Dragging over the weekend
My wife is in charge of family time on the weekends. This is good because I, if not challenged, would just as soon flop on the Lay-Z-Boy and read magazines endlessly.
My wife instigated a trip to a local park’s sledding hill on Saturday. She sat at the bottom of the hill with a lump of outergarments rumored to contain a toddler, while I walked up and down a hill releasing a couple of screaming Kindergarteners at the top and recovering them at the bottom. Daddy got some exercise and the older girls had fun, but t was hard to gauge the toddler’s enthusiasm from her blank, and mostly hidden, facial expression. I think she was too busy absorbing it all to muster an opinion.
Sunday, word came down that we taking the girls ice skating. As a snow storm was coming that evening, I was less than enthused. But Chris was the motivator. As always, it took an eternity to bundle up the girls in their snowsuits. Neither parent happened to notice, until we got half way to the rink, that we had loaded Claire in the car in her stocking feet.
No matter. We were going to put ice skates on her anyway. At the rink, the attendant indicated that they did not have any skates her size. Hmm. Could it be because babies under two can’t skate? Naw. But we took the smallest shoes they had for her.
Now I skate about as well as I golf: horribly. Claire, of course, could not even stand up on her skates. This meant I had to bend over, hook my arms under her armpits, adjust my center of gravity, and drag her around the rink. Slowly, while my back killed me. Again, I have no idea whether she enjoyed it or was annoyed by the experience.
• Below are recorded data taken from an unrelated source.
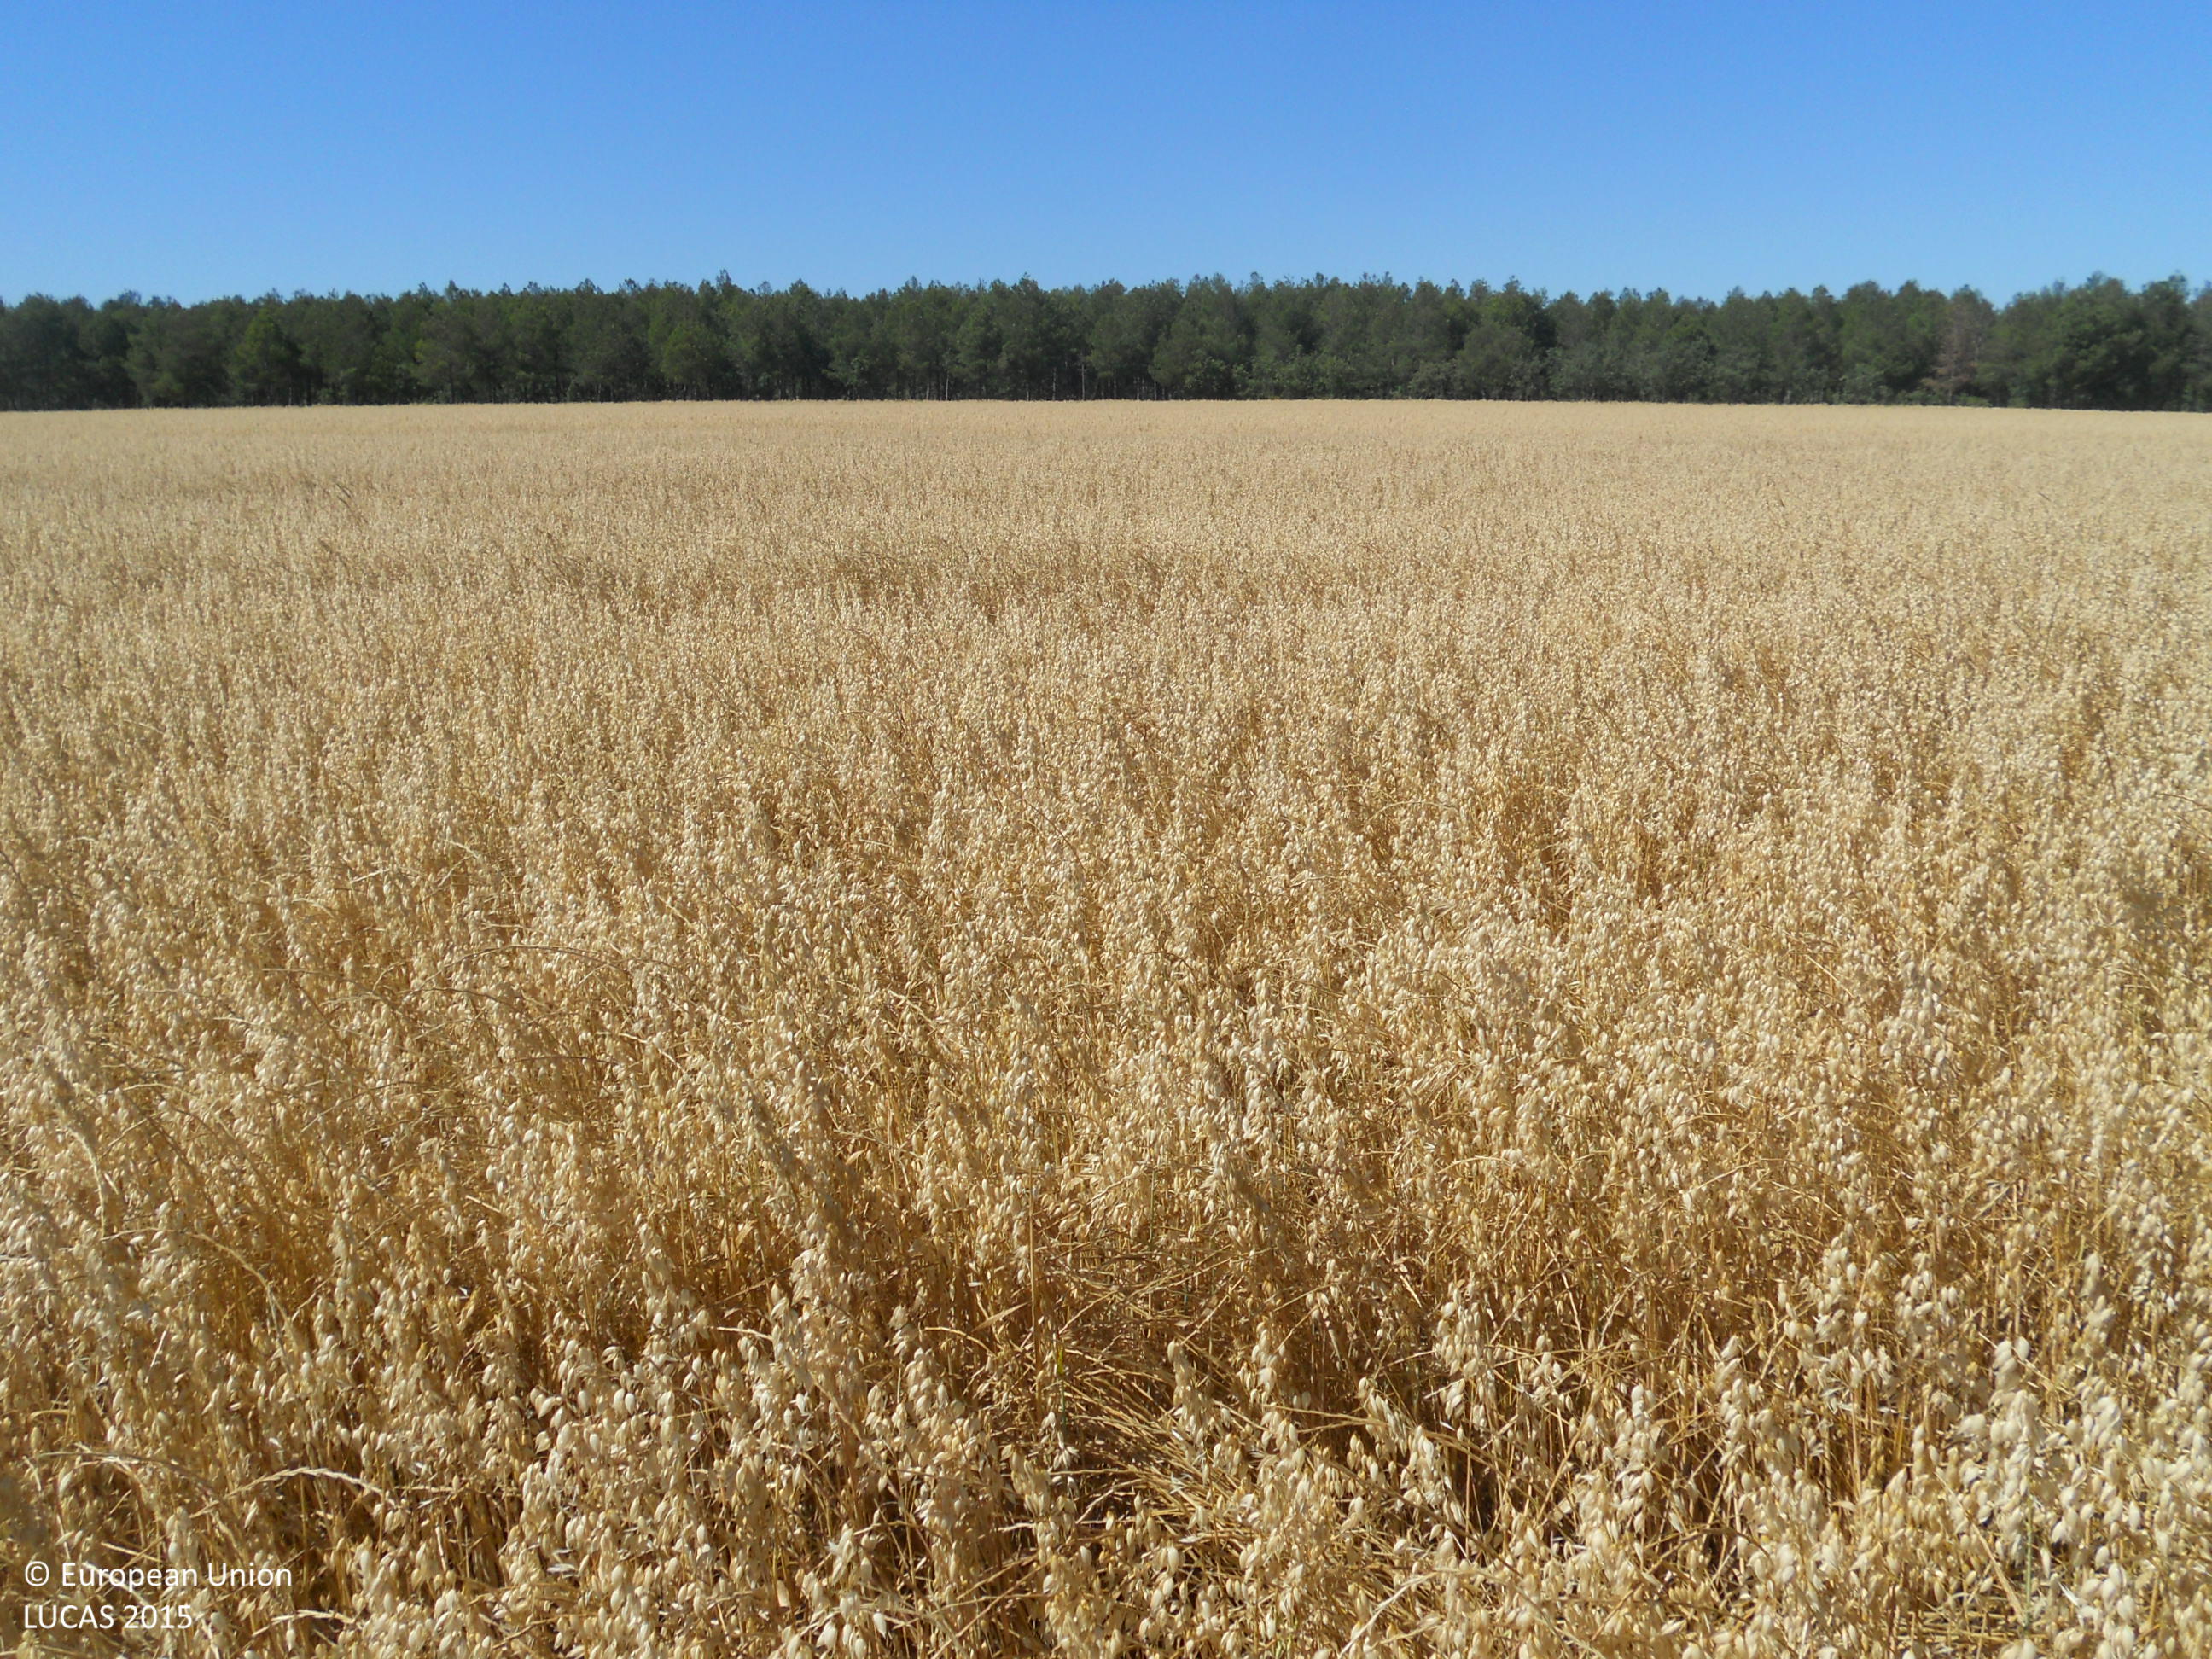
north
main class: Cropland
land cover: Oats
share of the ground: > 75 %
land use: Agriculture (excluding fallow land and kitchen gardens)
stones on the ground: > 50 %
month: June
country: ES
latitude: 42.4110
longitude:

From my vantage point, I could not see her face and she can’t talk yet.
My wife realized, after one lap around the rink, that she no longer knows how to skate and sat out the rest of the afternoon. This meant I was the Kindergarteners had to hang onto me as they skated. It affects your balance, especially while dragging a third. And I have trouble skating alone.
Mercifully, it did end. With the snow storm underway and my daughter back in her stocking feet, I tucked Claire in my coat and carried her to the minivan. Three tuckered women followed.